Median-joining networks for inferring intraspecific phylogenies

Abstract
Reconstructing phylogenies from intraspecific data (such as human mitochondrial DNA variation) is often a challenging task because of large sample sizes and small genetic distances between individuals. The resulting multitude of plausible trees is best expressed by a network which displays alternative potential evolutionary paths in the form of cycles.
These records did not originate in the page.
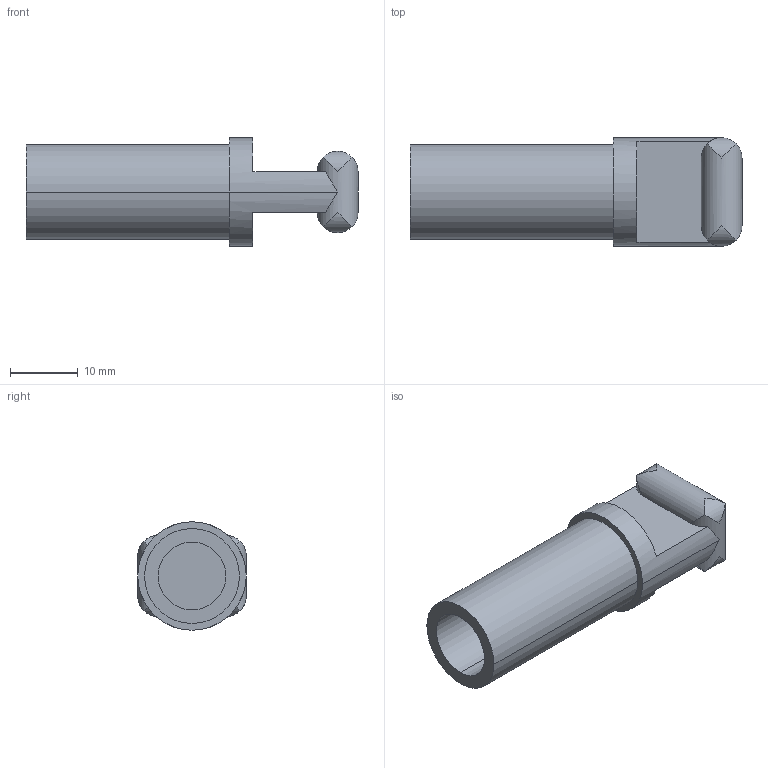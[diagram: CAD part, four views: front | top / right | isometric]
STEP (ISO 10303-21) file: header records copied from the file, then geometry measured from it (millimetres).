
FILE_DESCRIPTION(('STEP AP214'),'1');
FILE_NAME('3126_14_00.stp','2016-07-07T14:15:03',('TraceParts'),('TraceParts S.A.'),'Spatial InterOp 3D',' ',' ');
FILE_SCHEMA(('automotive_design'));
Length unit declared in the file: millimetre
Products named in the file (1): 1
Bounding box: 49 x 16 x 16 mm (x, y, z)
Volume: 4970.2 mm3; surface area: 3554.1 mm2
Topology: 1 solids, 1 shells, 22 faces, 62 edges, 44 vertices
Faces by surface type: cylinder 14, plane 8
Entity records: 801 total; most frequent: CARTESIAN_POINT 173, DIRECTION 144, ORIENTED_EDGE 124, AXIS2_PLACEMENT_3D 63, EDGE_CURVE 62, VERTEX_POINT 44, EDGE_LOOP 24, ELLIPSE 24

We present a method ("median joining" [MJ]) for constructing networks from recombination-free population data that combines features of Kruskal's algorithm for finding minimum spanning trees by favoring short connections, and Farris's maximum-parsimony (MP) heuristic algorithm, which sequentially adds new vertices called "median vectors", except that our MJ method does not resolve ties. The MJ method is hence closely related to the earlier approach of Foulds, Hendy, and Penny for estimating MP trees but can be adjusted to the level of homoplasy by setting a parameter epsilon. Unlike our earlier reduced median (RM) network method, MJ is applicable to multistate characters (e.g., amino acid sequences). An additional feature is the speed of the implemented algorithm: a sample of 800 worldwide mtDNA hypervariable segment I sequences requires less than 3 h on a Pentium 120 PC. The MJ method is demonstrated on a Tibetan mitochondrial DNA RFLP data set.